• [Exercise requirements] In the entries below, count every line containing "added". Reply with the number alone.

• [Supplied information]
[Start of section]

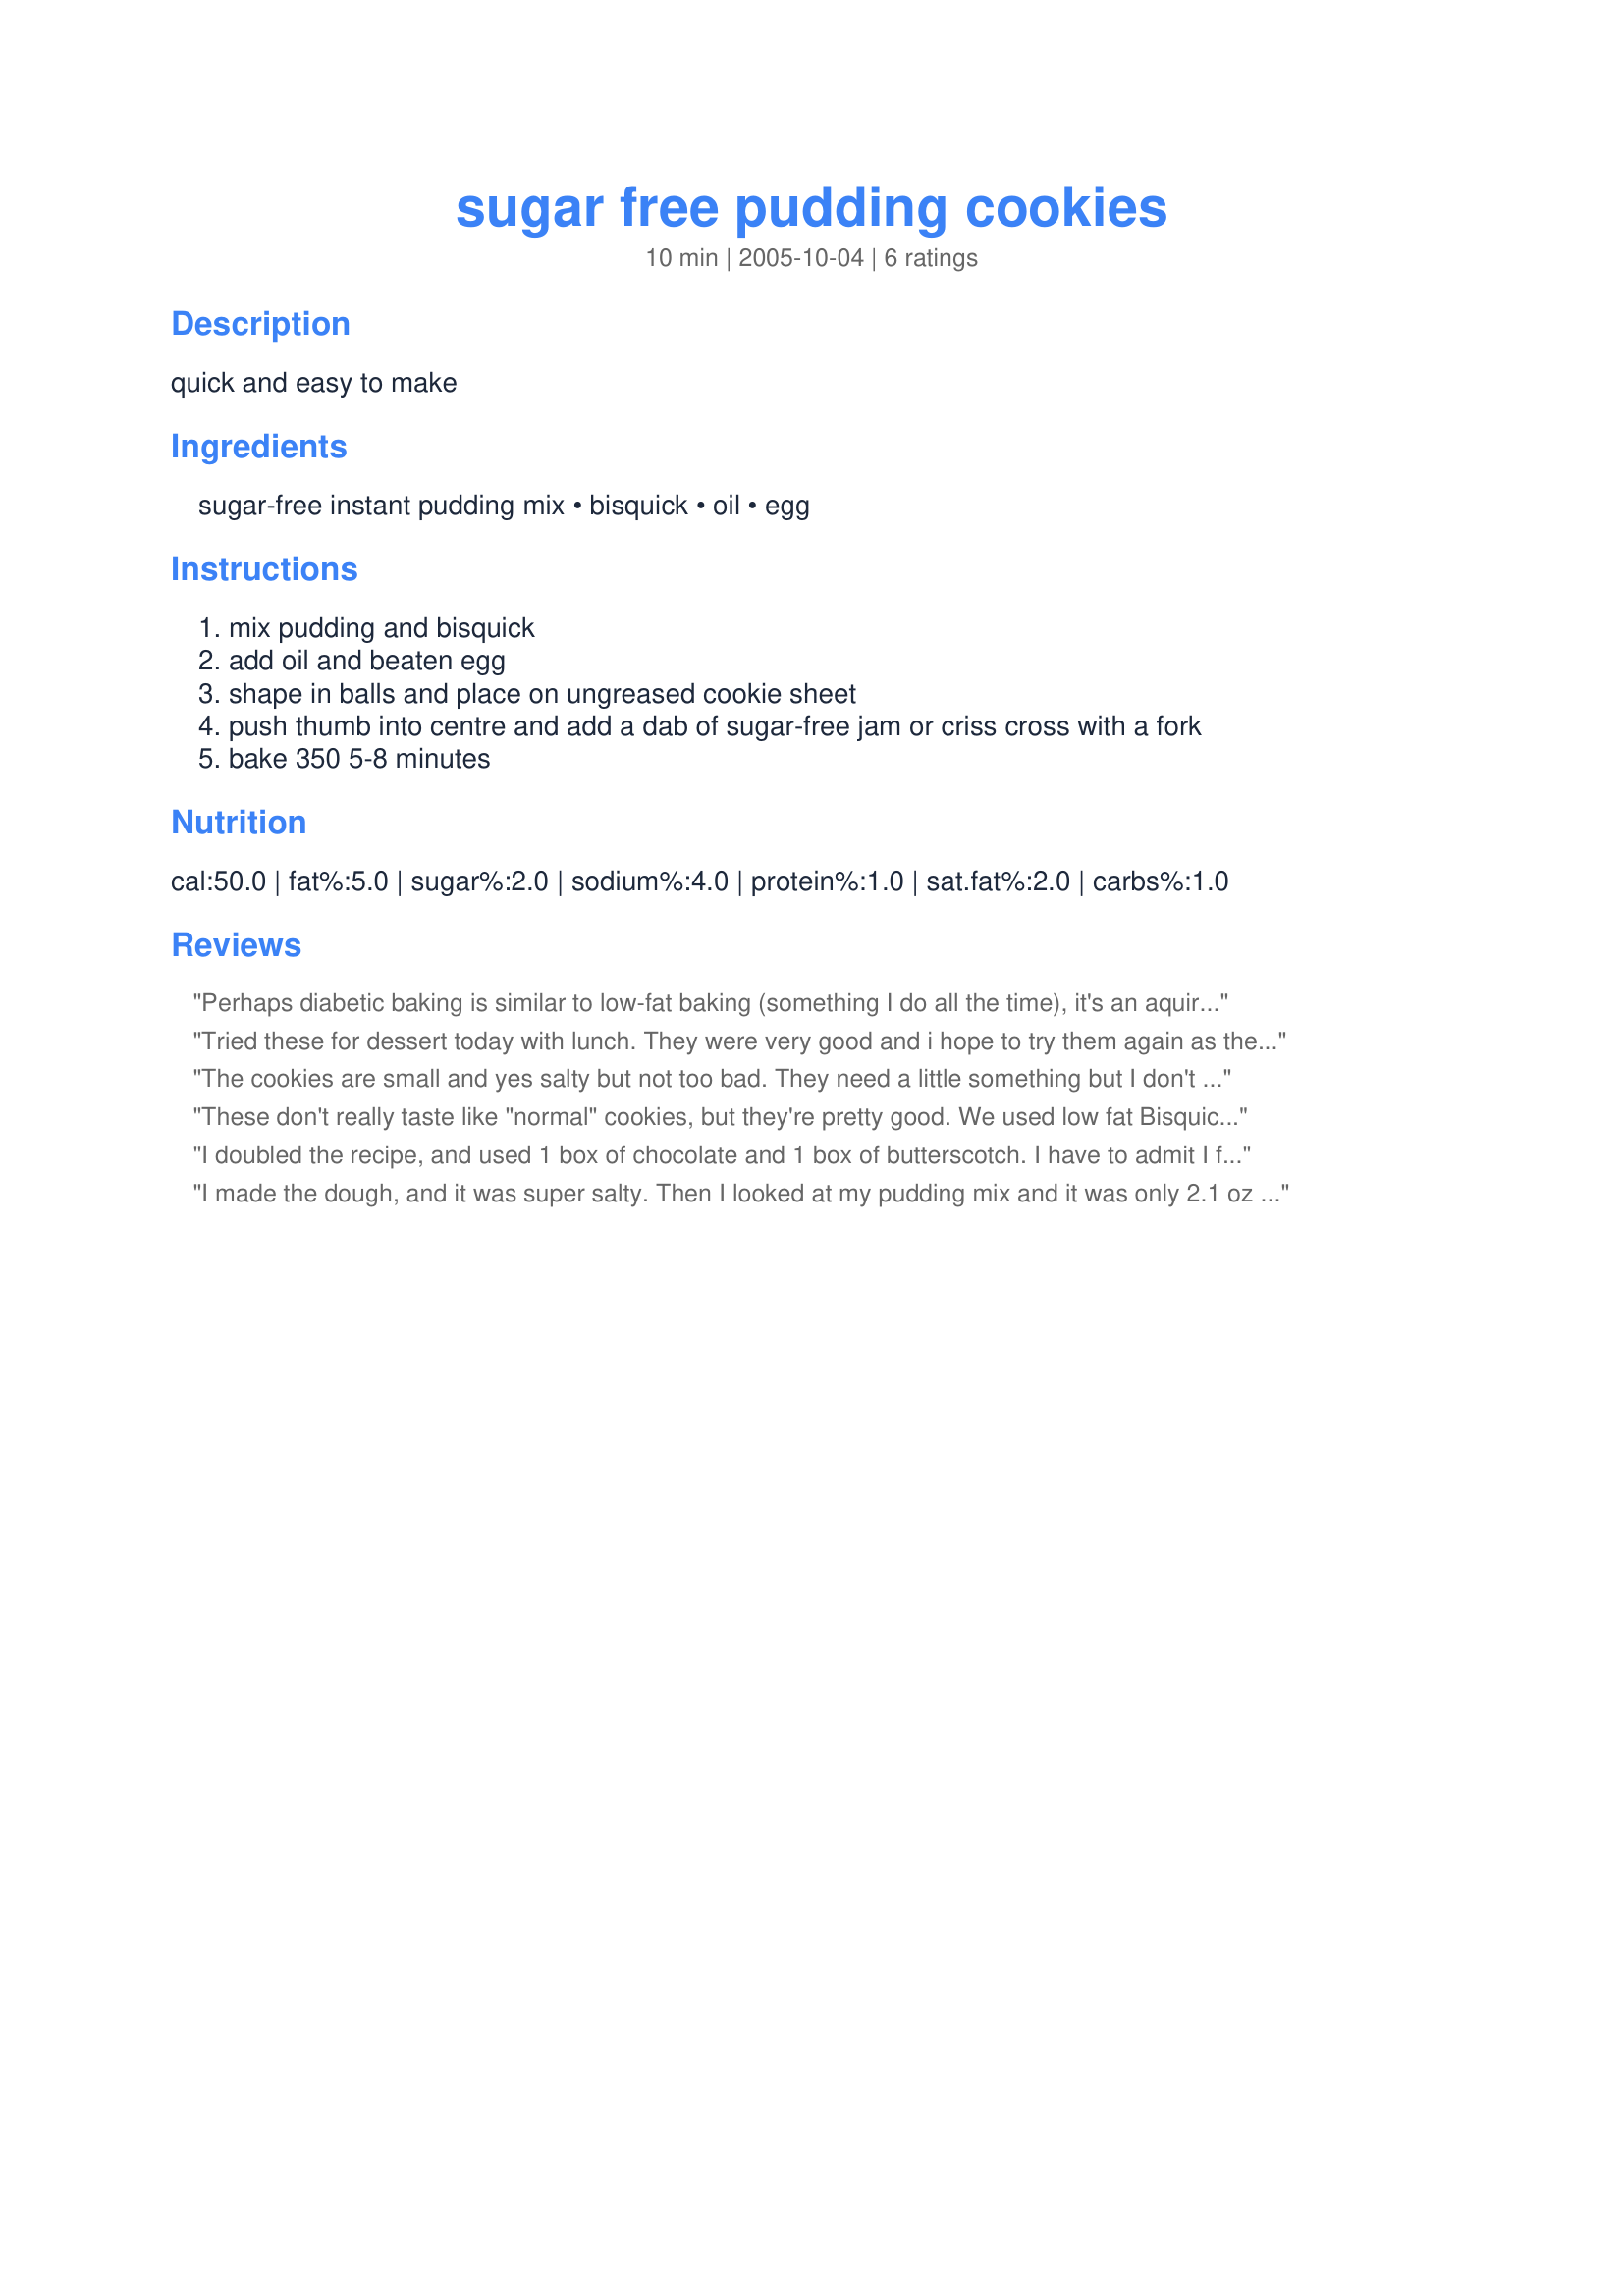
sugar free pudding cookies
Preparation time: 10 minutes

quick and easy to make

Ingredients:
sugar-free instant pudding mix, bisquick, oil, egg

Steps:
mix pudding and bisquick
add oil and beaten egg
shape in balls and place on ungreased cookie sheet
push thumb into centre and add a dab of sugar-free jam or criss cross with a fork
bake 350 5-8 minutes

Reviews:
Perhaps diabetic baking is similar to low-fat baking (something I do all the time), it's an aquired taste. In any event, I've been in search of recipes to prepare suitable trays for colleagues with diabetes and borderlines and thought I would give this a try. I used banana cream sugar-free pudding and my cookies tasted like salty biscuit dough with a hint of banana. Perhaps a little Splenda would have helped. Or maybe a more strongly flavored pudding like chocolate would have worked better. Sorry for the bummer review.
Tried these for dessert today with lunch. They were very good and i hope to try them again as they were very tasty and easy to make.

Thanks once again for a wonderful recipe.
The cookies are small and yes salty but not too bad. They need a little something but I don't know what !?!?!? Maybe splenda like the other post suggested.
These don't really taste like "normal" cookies, but they're pretty good. We used low fat Bisquick, pistachio pudding and added a little bit of jelly to the top. I did think they were a little salty. But my 3 year old LOVED these things and kept asking me if we could make them again (also they are so easy to make, so a good one for kids to help with).
I doubled the recipe, and used 1 box of chocolate and 1 box of butterscotch. I have to admit I forgot to do the criss-cross, and was wondering why they didn't flatten out! But the little balls still taste great! I think you need a strong pudding flavor with this. I'm thinking about trying lemon, and then using lemon curd in the thumbprint.
I made the dough, and it was super salty. Then I looked at my pudding mix and it was only 2.1 oz (chocolate), so I pulled out another one (vanilla--I was out of chocolate) and it was 1.5 oz. So I just added the whole thing, figuring that hopefully the extra amount would lesson the saltiness... But then the dough was too dry, so I added a little milk to it. It was STILL very salty, so I added some Splenda, which made it edible...
I think this recipe has potential... but I don't know if bisquick is the best shortcut, due to the salt content. Also, be sure to check the oz. of your pudding mix! I would rate the cookies 2 stars the way they ended up, but since I changed it so much I didn't star it.
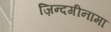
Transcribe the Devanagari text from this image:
ज़िन्दगीनामा
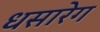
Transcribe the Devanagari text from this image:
धसारेग
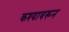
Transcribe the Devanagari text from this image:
कश्यावरून
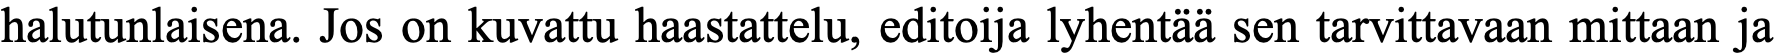
halutunlaisena. Jos on kuvattu haastattelu, editoija lyhentää sen tarvittavaan mittaan ja
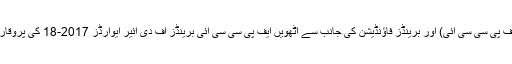
12 مئی2018ء) فیڈریشن آف چیمبرز آف کامرس اینڈ انڈسٹری (ایف پی سی سی آئی) اور برینڈز فاؤنڈیشن کی جانب سے آٹھویں ایف پی سی سی آئی برینڈز آف دی ائیر ایوارڈز 2017-18 کی پروقار تقریب ہفتے کو کراچی میں مقامی کنونشن مارکی میں منعقد ہوئی۔
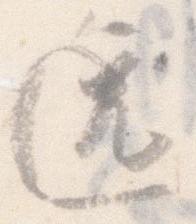
逸
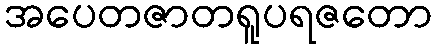
အပေတဇာတရူပရဇတော
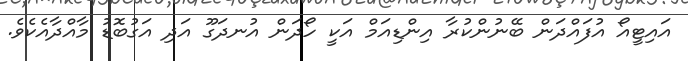
އައިޓީއޯ އުފައްދަން ބޭނުންކުރާ އިންޑިއަމް އަކީ ހޯދަން އުނދަގޫ އަދި އަގުބޮޑު މާއްދާއެކެވެ.

[End of section]

• [Completed task] 2